Monday, 30 November 2009

The one about the black baby...


Sandy and Thor were an extremely liberal, though not especially bright, white couple. Wanting to begin a family, they decided they wanted to have a black baby.

Nine months later, the fruit of their labor was born: a lovely white girl.

Pleased but disappointed, Thor decided to ask a black man at work why he thought he couldn't make a black baby.

Realizing that Thor was somewhat sluggish, the fellow took him aside and asked, "Is your willy at least a 12" long?"

Thor had to admit that it was not.

"And is it at least 4" wide?"

"Well, man, there's your problem!" Black guy slapping Thor on the back. "You let in too much light!" 

Friday, 20 November 2009

The one about the nun and the priest...

A nun and a priest were traveling across the desert and realized halfway across that the camel they were using for transportation was about to die. They set up a make-shift camp, hoping someone would come to their rescue, but to no avail. Soon the camel died.

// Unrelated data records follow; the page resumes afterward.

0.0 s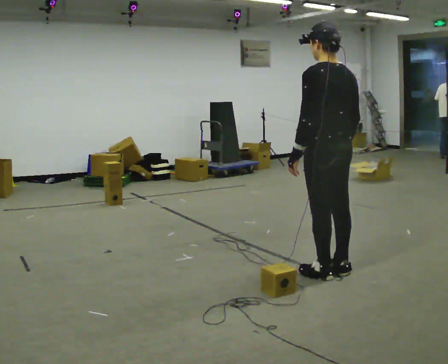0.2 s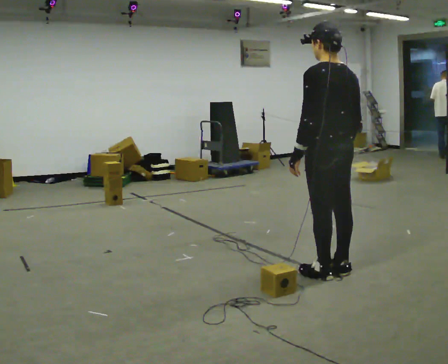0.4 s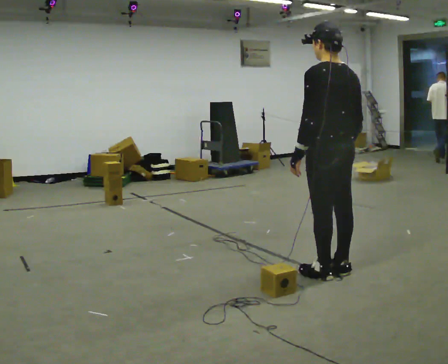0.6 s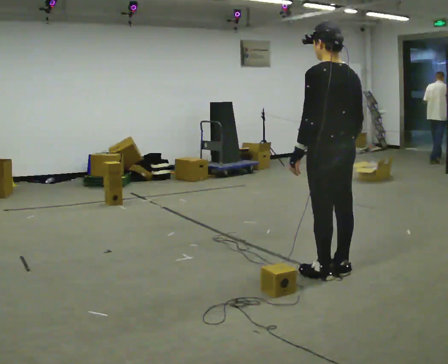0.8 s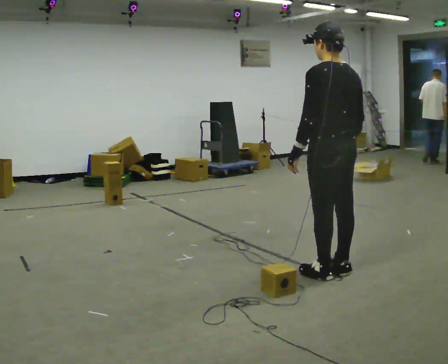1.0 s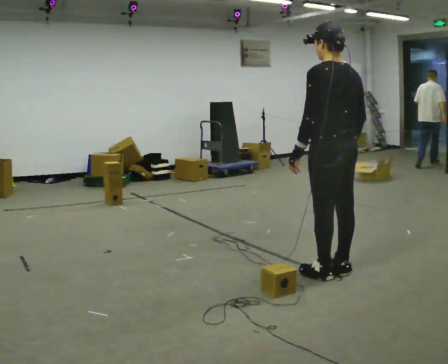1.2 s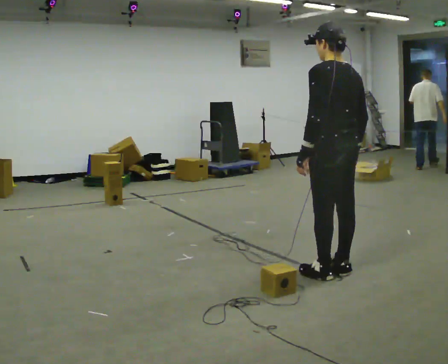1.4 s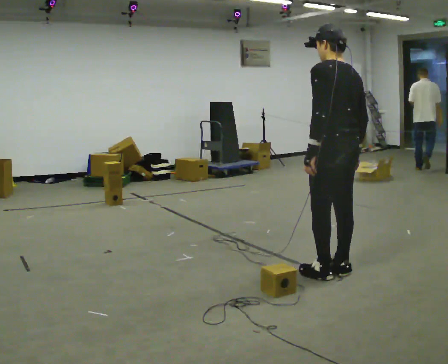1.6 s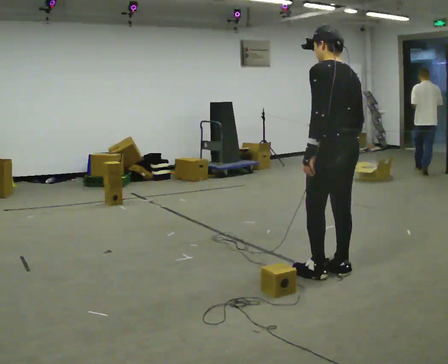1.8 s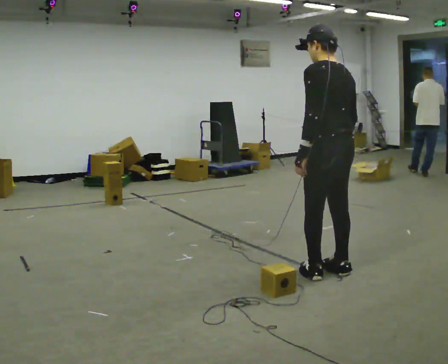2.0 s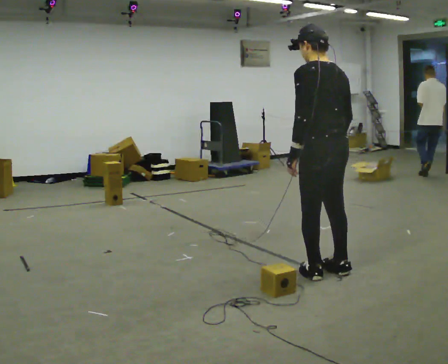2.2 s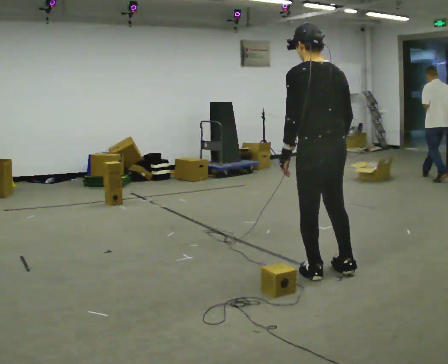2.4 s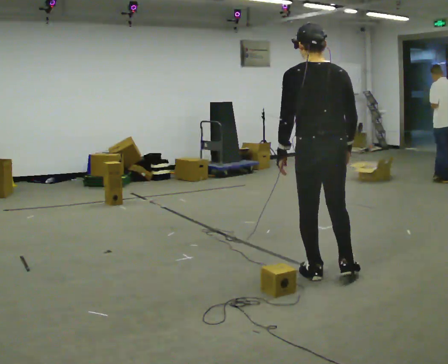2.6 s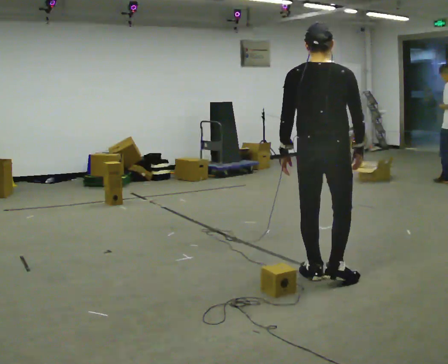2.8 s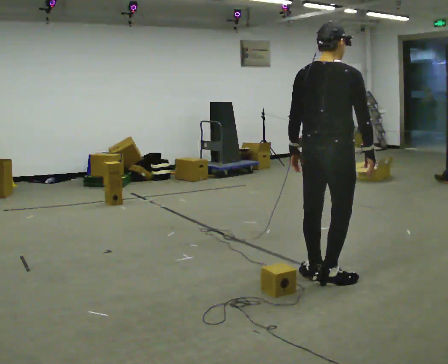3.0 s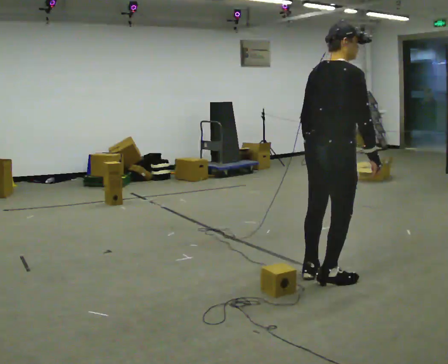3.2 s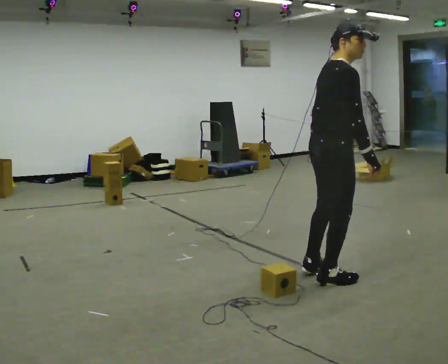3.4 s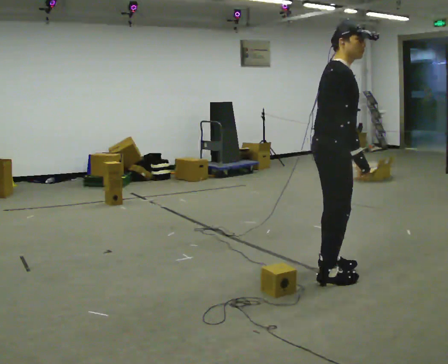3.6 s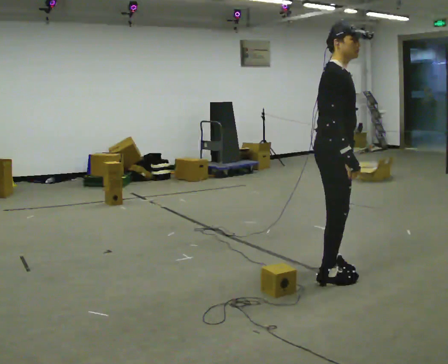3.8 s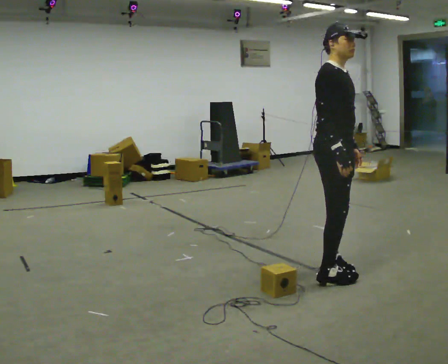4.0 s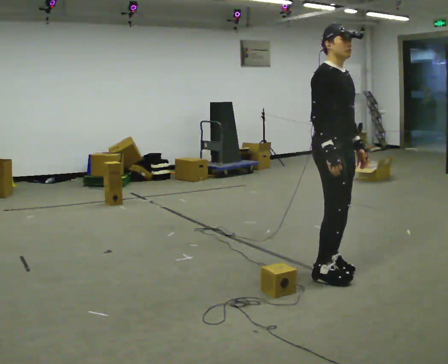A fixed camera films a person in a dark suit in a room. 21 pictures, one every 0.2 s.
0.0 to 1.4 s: The person moves a little, or ends about where they began.
1.4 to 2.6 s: The person turns about 45 degrees to their right, clockwise seen from above, so the part of the body nearest the lens slides to the left.
2.6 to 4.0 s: The person turns about 120 degrees to their right, clockwise seen from above, so the part of the body nearest the lens slides to the left. In the picture they go away from the camera, about 0.25 m in 2 steps. In the picture their left hand goes to the right, the arm swinging counterclockwise.
The film runs backward here.

After several days of not being rescued, they agreed that they were not going to be rescued. They prayed a lot (of course), and they discussed their predicament in great depth.

Finally the priest said to the nun, "You know, Sister, I am about to die, and there's always been one thing I've wanted here on earth to see a woman naked. Would you mind taking off your clothes so I can look at you?"

The nun thought about his request for several seconds and then agreed to take off her clothes. As she was doing so, she remarked, "Well, Father, now that I think about it, I've never seen a man naked, either. Would you mind taking off your clothes, too?"

With little hesitation, the priest also stripped.

Suddenly the nun exclaimed, "Father! What is that little thing hanging between your legs?"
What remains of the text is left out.